[Extracted data entries]
* * * *
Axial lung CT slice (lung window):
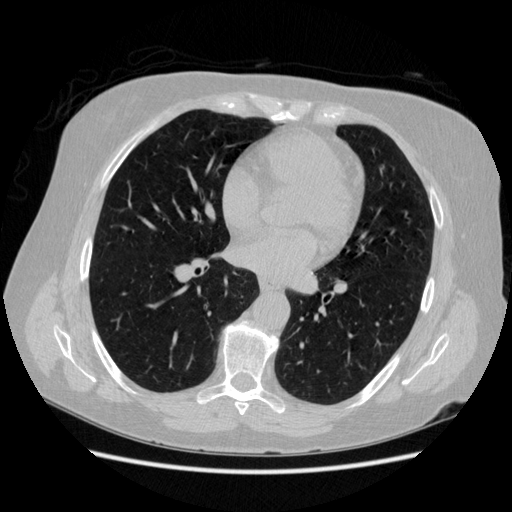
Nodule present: no
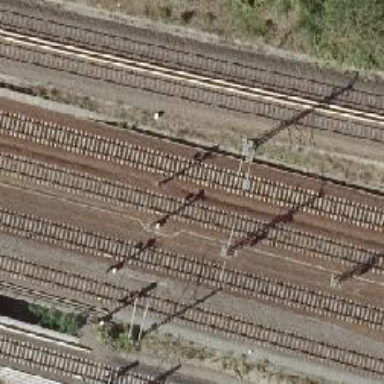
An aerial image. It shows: Railway track with contact lines for electrification.
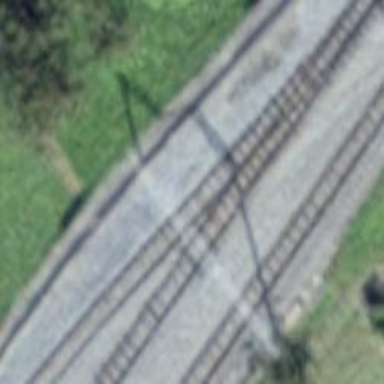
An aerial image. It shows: Catenary mast for power lines.
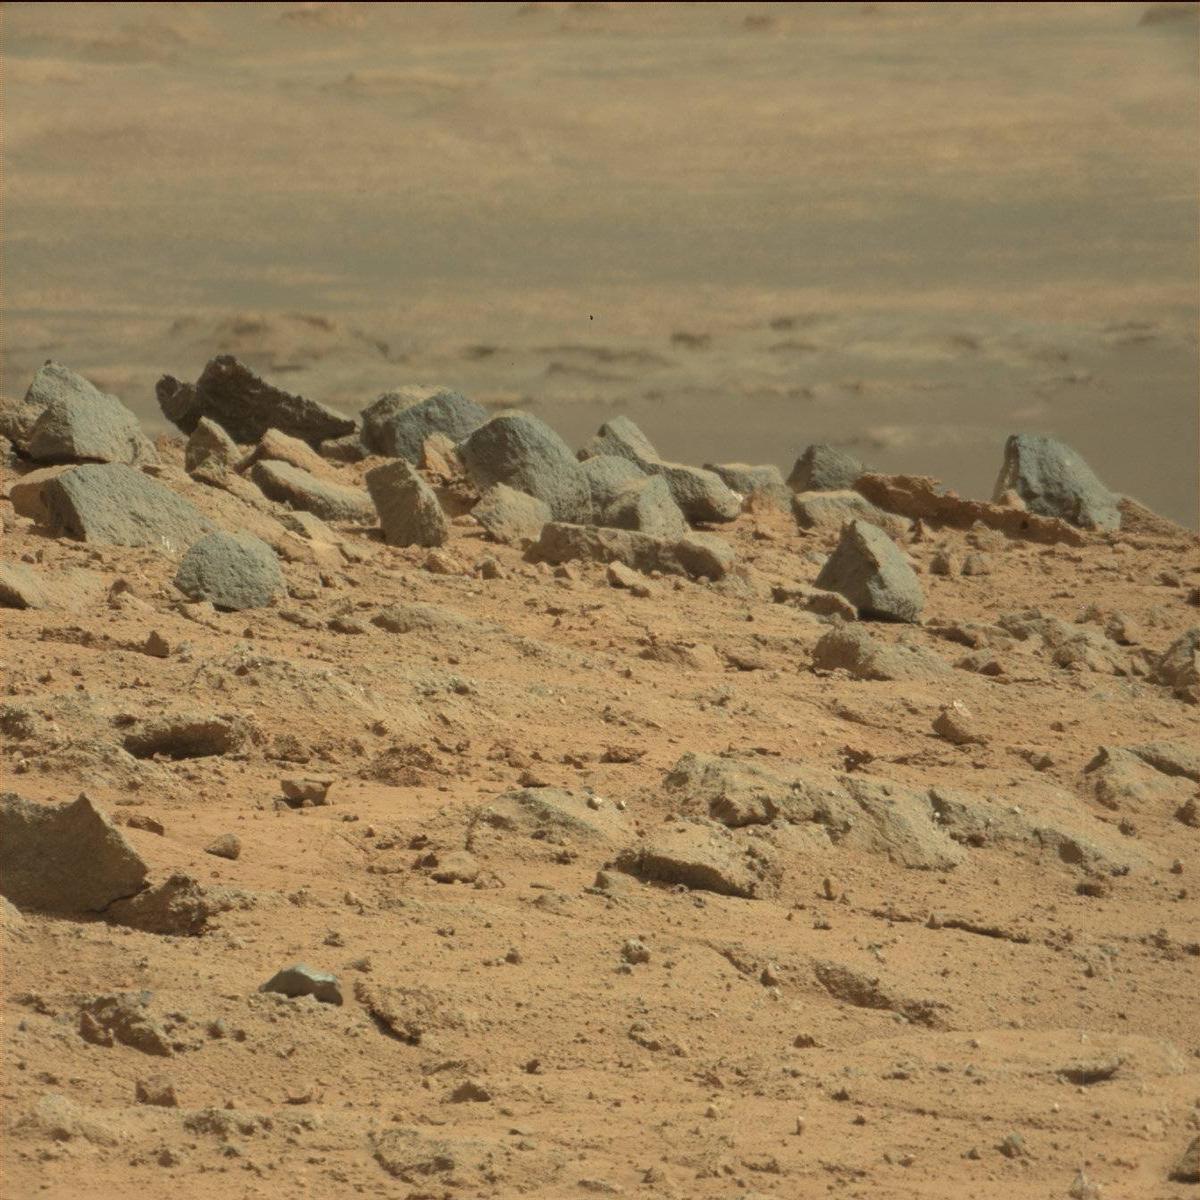
Terrain classes present: Bedrock, Ridge, Sand / Soil
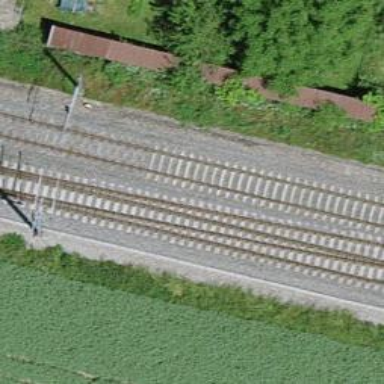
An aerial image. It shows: Single railway track with electrified contact line.
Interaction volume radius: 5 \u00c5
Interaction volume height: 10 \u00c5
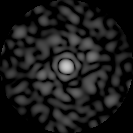
Disorder parameter: 0.8578
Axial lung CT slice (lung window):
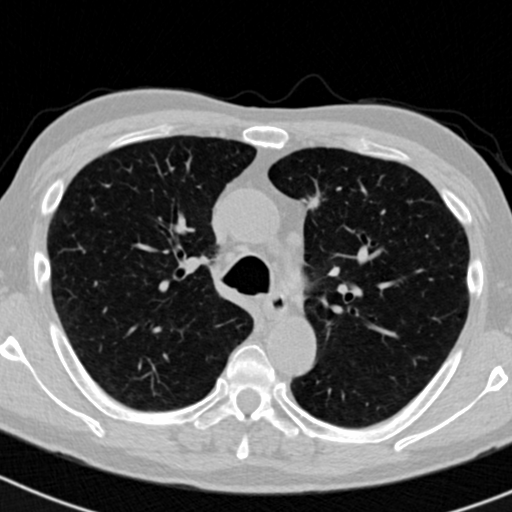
* * * *
# WHAT YOU WILL DO
Copy out the data exactly and keep the pictures out.

# FINISHED EXERCISE
Axial lung CT slice (lung window):
Nodule present: no
An aerial image. It shows: Railway track with contact lines for electrification.
An aerial image. It shows: Catenary mast for power lines.
Terrain classes present: Bedrock, Ridge, Sand / Soil
An aerial image. It shows: Single railway track with electrified contact line.
Interaction volume radius: 5 \u00c5
Interaction volume height: 10 \u00c5
Disorder parameter: 0.8578
Axial lung CT slice (lung window):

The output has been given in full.